Another example that would ring a bell for most enterprises is a report generated on a regular basis, for example, every week in Tableau. The problem, in this case, is that the underlying data for that report may change. Without monitoring the quality of that underlying data, it is impossible to know whether that report is trustworthy.
Solution: Data quality monitoring as part of the Data Catalog
To prevent a report being generated from dirty data, it is necessary to do three things: inventory reports in the data catalog, establish basic lineage between the underlying data and reports, and set up data quality monitoring. The win is likewise threefold: business users can easily find reports, data stewards can react to changes in data quality in the underlying source systems, and data engineers always know which report is affected if they make changes to a table in a database.
Problem 4: No understanding of data origin and relationships with other assets
A lot of transformations take place inside the data lake. Data scientists transform data and store new tables in the data lake. When data is exported to data warehouses, it is transformed there, too. When users find assets in the data catalog, they want to understand where this asset lives in that transformation cycle. For business users, it is important to understand which data went into the creation of a report. For data engineers and IT, it is important to understand what reports will be affected if they make changes to a table.

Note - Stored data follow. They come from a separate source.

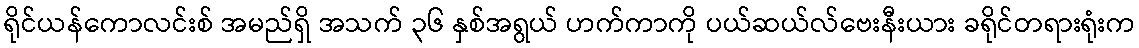
ရိုင်ယန်ကောလင်းစ် အမည်ရှိ အသက် ၃၆ နှစ်အရွယ် ဟက်ကာကို ပယ်ဆယ်လ်ဗေးနီးယား ခရိုင်တရားရုံးက
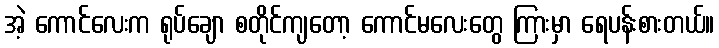
အဲ့ ကောင်လေးက ရုပ်ချော စတိုင်ကျတော့ ကောင်မလေးတွေ ကြားမှာ ရေပန်းစားတယ်။
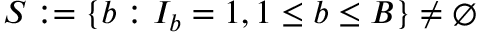
S : = \{ b : I _ { b } = 1 , 1 \leq b \leq B \} \neq \emptyset
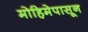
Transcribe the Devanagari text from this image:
मोहिमेपासून
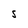
Character: S
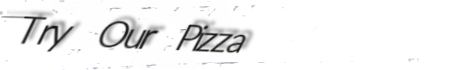
Try Our Pizza
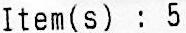
ITEM(S) : 5
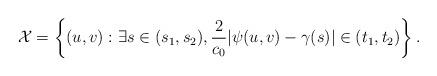
LaTeX: \begin{align*} \mathcal{X} = \left\{ (u, v) : \exists s \in (s_1, s_2), \frac{2}{c_0}|\psi(u, v) - \gamma(s)| \in (t_1, t_2) \right\}.\end{align*}
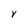
Character: Y
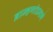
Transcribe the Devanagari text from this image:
ब्राम्हणांप्रमाणे
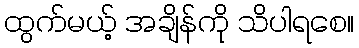
ထွက်မယ့် အချိန်ကို သိပါရစေ။
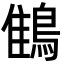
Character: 䳡

For data scientists, it is important to use the most relevant data set in their analysis, so they need as much information as possible about its origin and further use.

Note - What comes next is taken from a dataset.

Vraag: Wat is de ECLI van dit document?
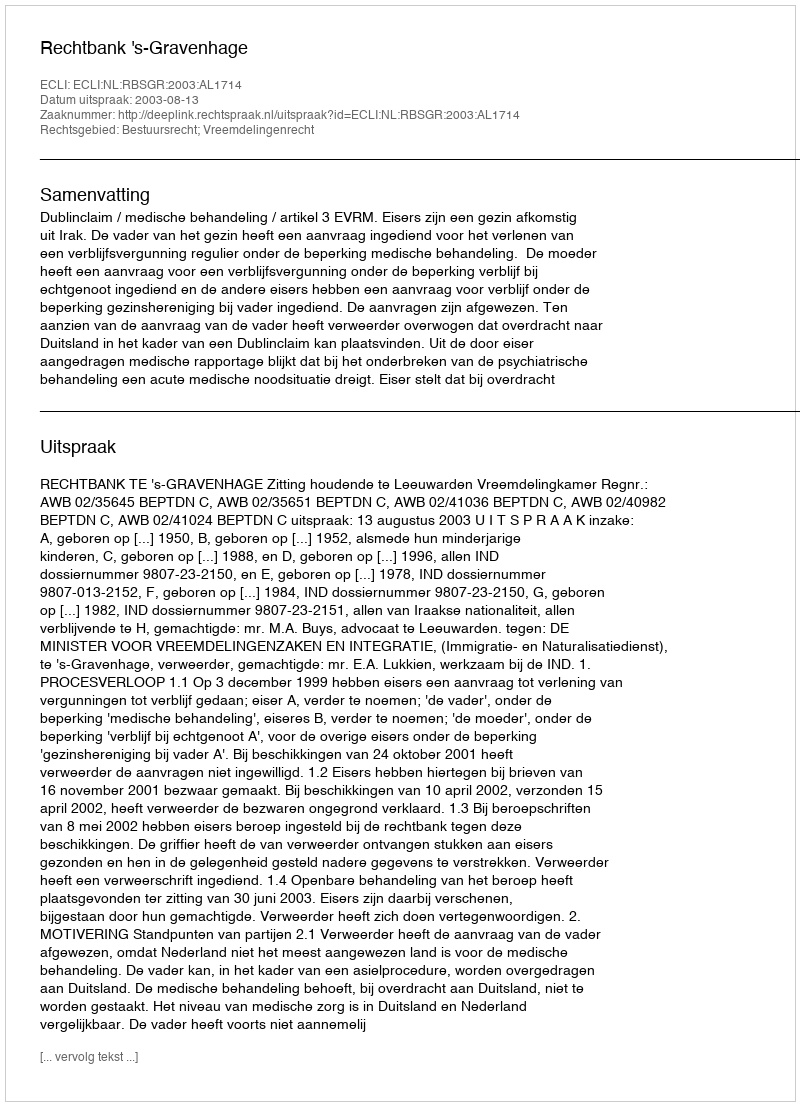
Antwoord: ECLI:NL:RBSGR:2003:AL1714
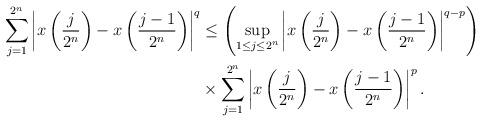
LaTeX: \begin{align*}\sum_{j=1}^{2^{n}}\left|x\left(\dfrac{j}{2^{n}}\right)-x\left(\dfrac{j-1}{2^{n}}\right)\right|^{q} & \leq\left(\sup_{1\leq j\leq2^{n}}\left|x\left(\dfrac{j}{2^{n}}\right)-x\left(\dfrac{j-1}{2^{n}}\right)\right|^{q-p}\right)\\ & \times\sum_{j=1}^{2^{n}}\left|x\left(\dfrac{j}{2^{n}}\right)-x\left(\dfrac{j-1}{2^{n}}\right)\right|^{p}. \end{align*}
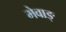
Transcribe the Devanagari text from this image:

Solution: Data lineage and automatic relationship discovery
Data lineage is a hot topic in the data management industry, and every vendor has a different approach to providing this feature. Some methods are platform-specific: parsing SQL logs and Spark jobs or integrating with ETL tools via REST API. One more way is to let users construct lineage manually.
These methods are complicated to implement and can never construct lineage for 100% of cases. SQL has many flavors and some of it is just impossible to parse. A Spark job might get deleted even if the table it produced still exists. ETL tools have different approaches to storing information about their transformations, which are hard or impossible to access.
At Ataccama, our approach is platform agnostic and generalist, as our ML and AI algorithms detect similar data assets, foreign key–related assets, source assets, and all of the places where an asset is used. We also construct lineage for transformations happening inside of our platform.
Implementing a data lake is a massive undertaking, not only from a technological standpoint but also from a data governance one. Data lakes are a great solution for making data available to the people that need it, but they inherently contain several deficiencies and bring about a number of problems that make them less usable and secure than they could be.
Data catalogs address these problems through automatic and manual processes that enrich data sets with a variety of metadata and form useful, protected, and audited data assets out of them. Ultimately, everyone is happy: business users can find the right information easily, data officers know that all sensitive is at their fingertips and available only to the right users, and data engineers and architects understand the relationships between these data assets.